Paylaş
Söz konusu kavramlar uygar demokrasilerin yapıtaşları, onlarsız bir demokrasi tasavvuru söz konusu edilemez. Son dönem Türkiye’si, bu kavramların içi boşaltılarak ve iktidarın hedeflerine ulaşmak için kullanılmaları davalarına tanık oldu, bu davalar, hukukun üstünlüğü yerine dijital delillerin üstünlüğü ve gizli tanık tezgâhları üzerinden kurgulandı. Hukuk devleti tahrip edildi, sandık sonuçlarına yaslanarak demokratik toplum gerekleri hiçe sayıldı ve sonuç olarak, devlet erki yolsuzluk ve rüşvet operasyonlarının pençesine düştü.
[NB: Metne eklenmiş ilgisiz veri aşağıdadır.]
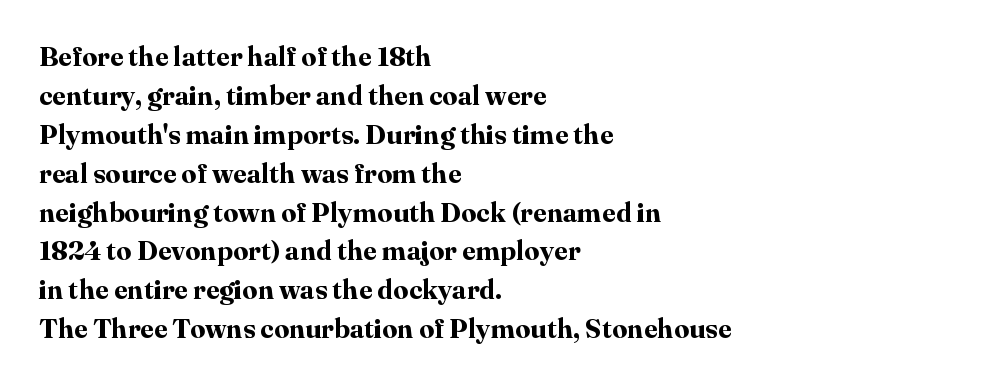
{"italic": "no", "bold": "yes", "underline": "no", "align": "left", "line_spacing": "normal", "line_spacing_ratio": 1.44, "letter_spacing": "normal", "letter_spacing_em": 0.0, "glyph_px": 27}

Devlet zarar gördü, toplumsal barış hasara uğradı ve en büyük zararı da kurumsal olarak komuta kademesi ‘tırpanlanan’ TSK gördü... Türkiye olağanüstü bir karmaşa dönemine girmişken, TSK biz bu kavgada taraf değiliz mealindeki yayınladığı bildiri ile Türkiye gerçeklerinin ne kadar dışında olduğunu göstermiş oldu...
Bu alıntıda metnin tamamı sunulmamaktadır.